#### Provided records ####

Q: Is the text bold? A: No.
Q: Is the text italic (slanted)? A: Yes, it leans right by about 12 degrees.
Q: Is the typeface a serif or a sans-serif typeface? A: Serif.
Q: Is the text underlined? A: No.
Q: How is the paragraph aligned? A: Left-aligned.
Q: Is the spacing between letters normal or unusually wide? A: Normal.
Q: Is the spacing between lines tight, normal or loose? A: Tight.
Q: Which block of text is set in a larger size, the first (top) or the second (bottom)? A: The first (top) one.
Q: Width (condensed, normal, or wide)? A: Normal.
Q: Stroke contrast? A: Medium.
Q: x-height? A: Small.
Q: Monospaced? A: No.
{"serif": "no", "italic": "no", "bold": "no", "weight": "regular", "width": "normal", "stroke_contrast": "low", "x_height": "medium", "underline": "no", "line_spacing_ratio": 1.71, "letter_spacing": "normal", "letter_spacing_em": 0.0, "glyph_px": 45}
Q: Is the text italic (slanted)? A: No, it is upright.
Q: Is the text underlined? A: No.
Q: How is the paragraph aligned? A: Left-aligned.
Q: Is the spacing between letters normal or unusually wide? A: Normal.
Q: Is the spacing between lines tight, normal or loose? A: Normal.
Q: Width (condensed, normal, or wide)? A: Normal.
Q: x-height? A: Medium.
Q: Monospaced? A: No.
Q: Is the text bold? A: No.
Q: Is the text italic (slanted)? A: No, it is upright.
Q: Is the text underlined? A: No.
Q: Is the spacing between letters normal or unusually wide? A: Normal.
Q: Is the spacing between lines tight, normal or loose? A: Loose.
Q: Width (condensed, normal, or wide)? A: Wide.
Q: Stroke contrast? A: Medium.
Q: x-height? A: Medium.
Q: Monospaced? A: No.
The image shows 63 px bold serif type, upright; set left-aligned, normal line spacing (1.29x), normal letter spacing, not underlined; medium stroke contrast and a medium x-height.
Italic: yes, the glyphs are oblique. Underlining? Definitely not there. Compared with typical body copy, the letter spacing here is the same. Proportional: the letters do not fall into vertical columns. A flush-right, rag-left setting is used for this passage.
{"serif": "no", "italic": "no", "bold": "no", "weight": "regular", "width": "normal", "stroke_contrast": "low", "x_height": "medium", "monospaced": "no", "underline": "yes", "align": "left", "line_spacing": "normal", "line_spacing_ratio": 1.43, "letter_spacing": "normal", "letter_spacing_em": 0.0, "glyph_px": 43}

####

Task to carry out
Word for word, transcribe the data shown above.

Response to this task
Q: Is the text bold? A: No.
Q: Is the text italic (slanted)? A: Yes, it leans right by about 12 degrees.
Q: Is the typeface a serif or a sans-serif typeface? A: Serif.
Q: Is the text underlined? A: No.
Q: How is the paragraph aligned? A: Left-aligned.
Q: Is the spacing between letters normal or unusually wide? A: Normal.
Q: Is the spacing between lines tight, normal or loose? A: Tight.
Q: Which block of text is set in a larger size, the first (top) or the second (bottom)? A: The first (top) one.
Q: Width (condensed, normal, or wide)? A: Normal.
Q: Stroke contrast? A: Medium.
Q: x-height? A: Small.
Q: Monospaced? A: No.
{"serif": "no", "italic": "no", "bold": "no", "weight": "regular", "width": "normal", "stroke_contrast": "low", "x_height": "medium", "underline": "no", "line_spacing_ratio": 1.71, "letter_spacing": "normal", "letter_spacing_em": 0.0, "glyph_px": 45}
Q: Is the text italic (slanted)? A: No, it is upright.
Q: Is the text underlined? A: No.
Q: How is the paragraph aligned? A: Left-aligned.
Q: Is the spacing between letters normal or unusually wide? A: Normal.
Q: Is the spacing between lines tight, normal or loose? A: Normal.
Q: Width (condensed, normal, or wide)? A: Normal.
Q: x-height? A: Medium.
Q: Monospaced? A: No.
Q: Is the text bold? A: No.
Q: Is the text italic (slanted)? A: No, it is upright.
Q: Is the text underlined? A: No.
Q: Is the spacing between letters normal or unusually wide? A: Normal.
Q: Is the spacing between lines tight, normal or loose? A: Loose.
Q: Width (condensed, normal, or wide)? A: Wide.
Q: Stroke contrast? A: Medium.
Q: x-height? A: Medium.
Q: Monospaced? A: No.
The image shows 63 px bold serif type, upright; set left-aligned, normal line spacing (1.29x), normal letter spacing, not underlined; medium stroke contrast and a medium x-height.
Italic: yes, the glyphs are oblique. Underlining? Definitely not there. Compared with typical body copy, the letter spacing here is the same. Proportional: the letters do not fall into vertical columns. A flush-right, rag-left setting is used for this passage.
{"serif": "no", "italic": "no", "bold": "no", "weight": "regular", "width": "normal", "stroke_contrast": "low", "x_height": "medium", "monospaced": "no", "underline": "yes", "align": "left", "line_spacing": "normal", "line_spacing_ratio": 1.43, "letter_spacing": "normal", "letter_spacing_em": 0.0, "glyph_px": 43}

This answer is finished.